Rationalisme antique et moderne
Thèse commune aux deux rationalismes : il faut arrêter d’agir impulsivement.
Différence :
- Antique : par rapport à la nature. La raison permet de maintenir l’harmonie de la nature qui
permet aux hommes de vivre ensemble. Nous nous différencions des animaux par la raison.
- Moderne : en opposition à la nature. Les animaux sont associés aux esclaves, nous nous
différencions donc d’eux par notre autonomie.
Pour les rationalistes, les émotions font partie de ce qui nous empêche de devenir ce que l‘on veut
être. Etre motivé par la peur, c’est y être soumis.
La raison est la condition de l’autonomie de la volonté (=choisir soi-même entre le bien et le mal)
La philosophie rend l’homme responsable, puisque tout homme est doué de raison et peut donc
choisir ce quil fait. (=> réflexion sur la tentation de l’immoral)
Dans le rationalisme moderne, il y a différents types de rationalismes. Certains vont dire que la raison
n’est pas morale en elle-même, mais nous permet de faire des calculs, d’agir d’une certaine manière
pour atteindre ce que l’on veut. La raison ne nous permet pas de découvrir l’immoralité d’un acte,
mais permet de s’abstenir de quelque chose qui serait sanctionné => rationalisme instrumental.
B. L’empirisme moral
Beaucoup d’auteur du courant empiriste ont aussi cette conception instrumentale de la raison.
Empirisme : idée que tout part, non pas d’un principe (raison), mais de l’expérience de vie, du vécu.
C’est en grandissant que se construisent les principes.
David Hume (XVIIIème) : Nous avons une raison mais elle est instrumentale. Elle permet de
distinguer le vrai du faux, mais pas le bien du mal. Il faut pour cela quelque chose en plus de la
raison, qui lui aussi nous différencie des animaux : le sentiment, les passions
David Hume est une figure des Lumières écossaises.
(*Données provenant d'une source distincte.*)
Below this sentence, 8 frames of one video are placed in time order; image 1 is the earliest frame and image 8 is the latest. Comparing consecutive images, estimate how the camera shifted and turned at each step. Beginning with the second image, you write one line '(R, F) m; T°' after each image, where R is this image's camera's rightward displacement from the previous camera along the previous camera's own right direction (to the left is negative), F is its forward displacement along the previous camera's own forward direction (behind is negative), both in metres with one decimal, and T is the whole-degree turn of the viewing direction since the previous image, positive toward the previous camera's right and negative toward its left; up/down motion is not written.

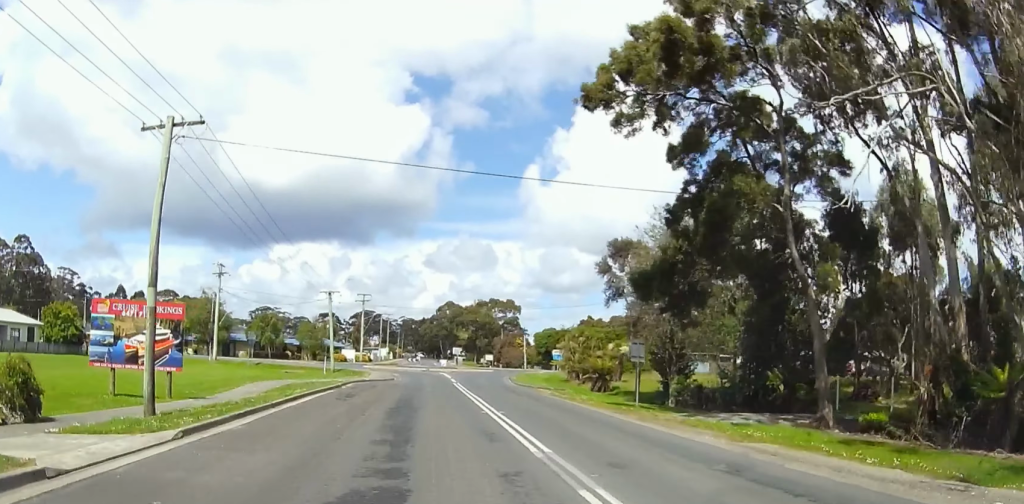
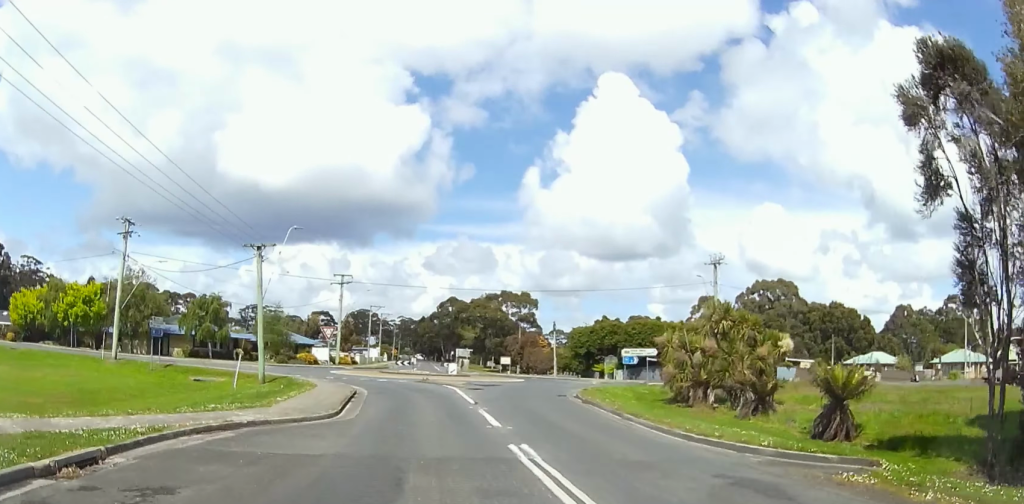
(0.0, +26.5) m; 0°
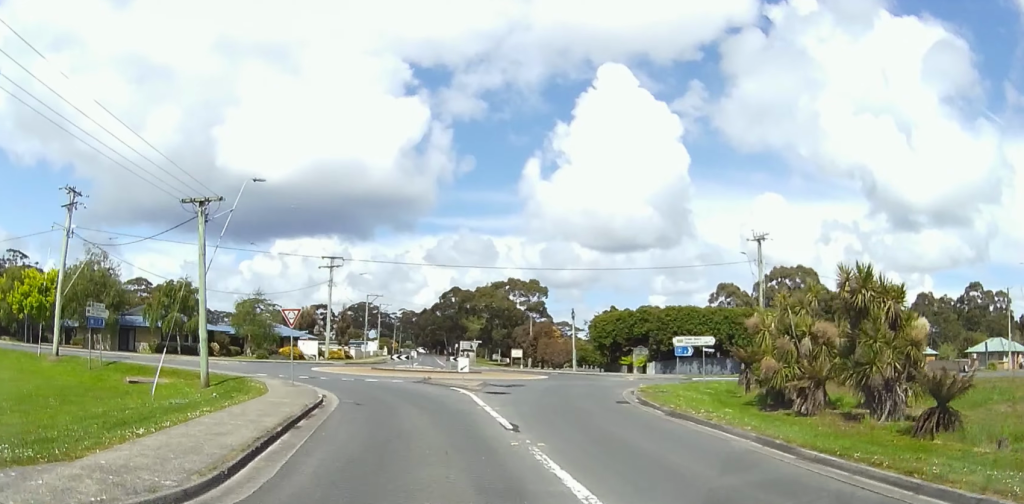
(0.0, +9.8) m; 0°
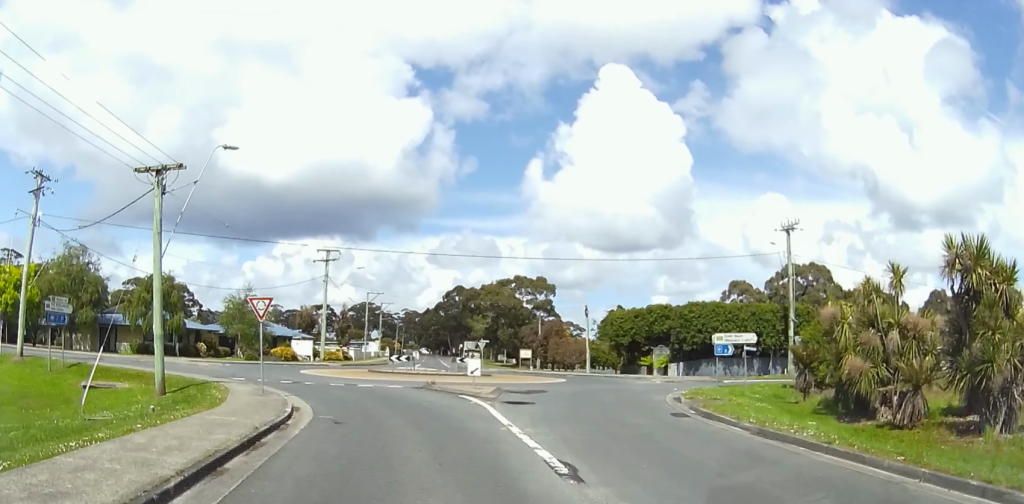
(0.0, +5.1) m; -1°
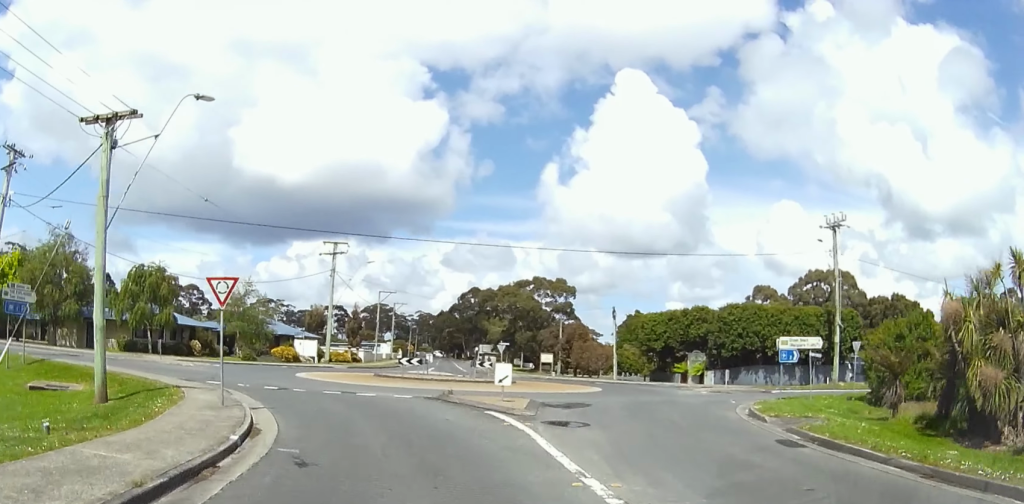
(+0.1, +5.7) m; -1°
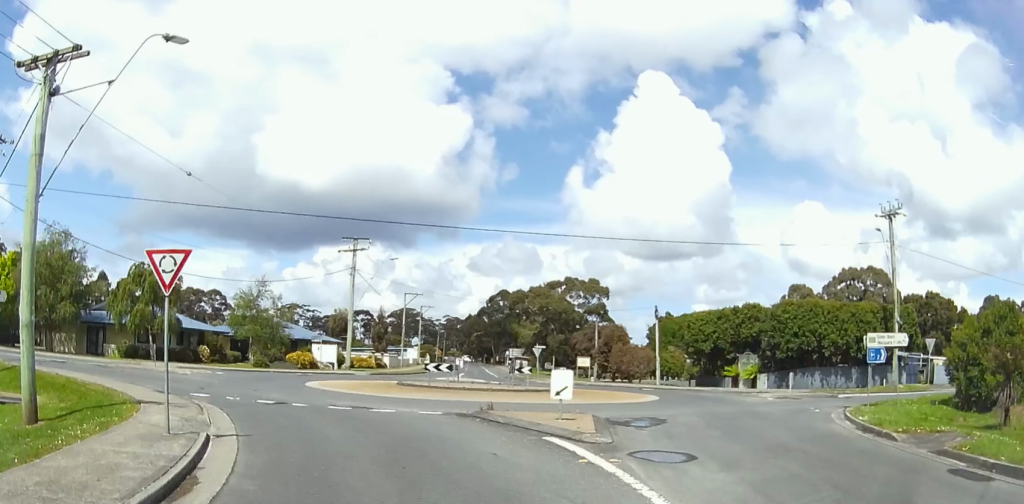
(-0.2, +4.7) m; -4°
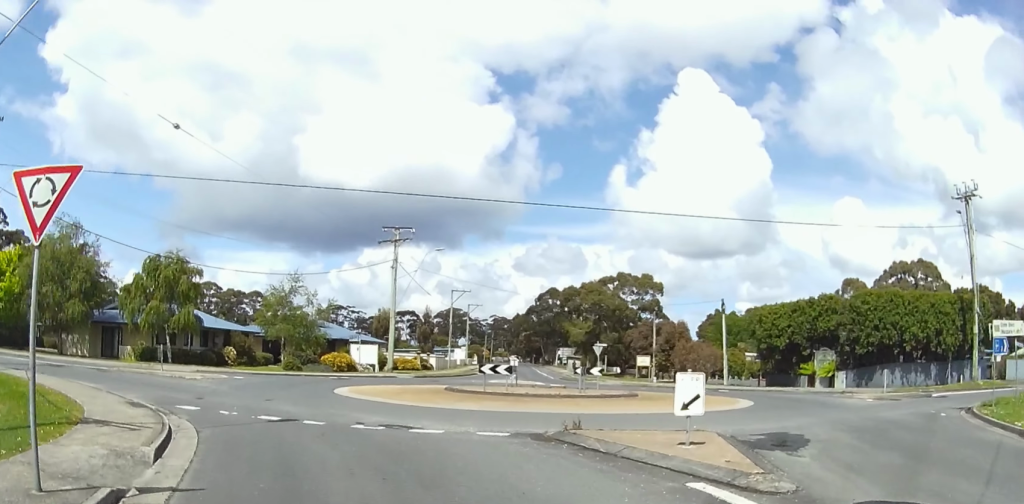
(-0.1, +5.5) m; -6°
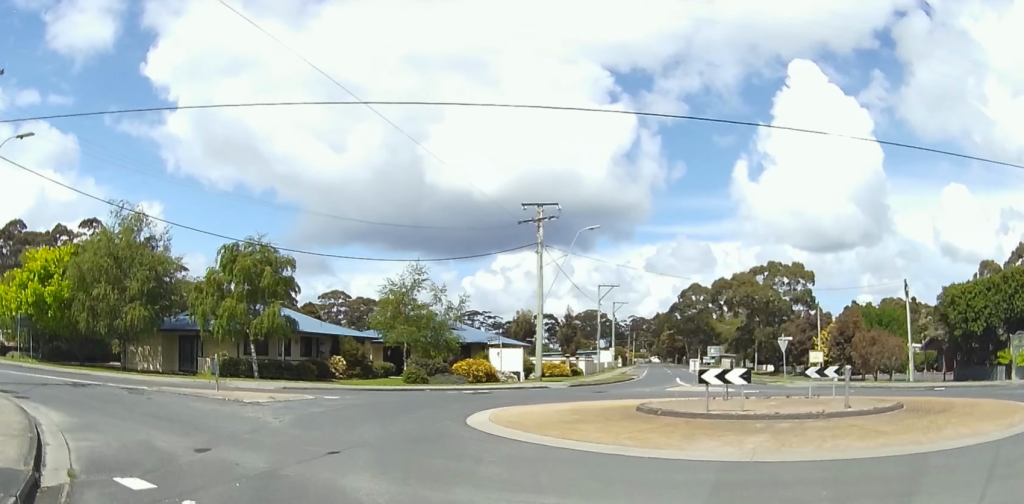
(-1.5, +9.3) m; -30°

Point commun avec les autres lumières : il faut que la philosophie ne se soumette pas à la
théologie.
Différence : les lumières françaises (cf. Voltaire) pensent que la raison suffit pour développer la
morale.
Pour Hume, si l’homme se conduit moralement, c’est parce qu’il a des sentiments qui le conduisent
au bien. On peut donc très rationnellement faire du mal. La raison n’est pas un moteur de l’action. Ce
qui va déclencher une action, c’est un ressenti, une expérience de l’esprit.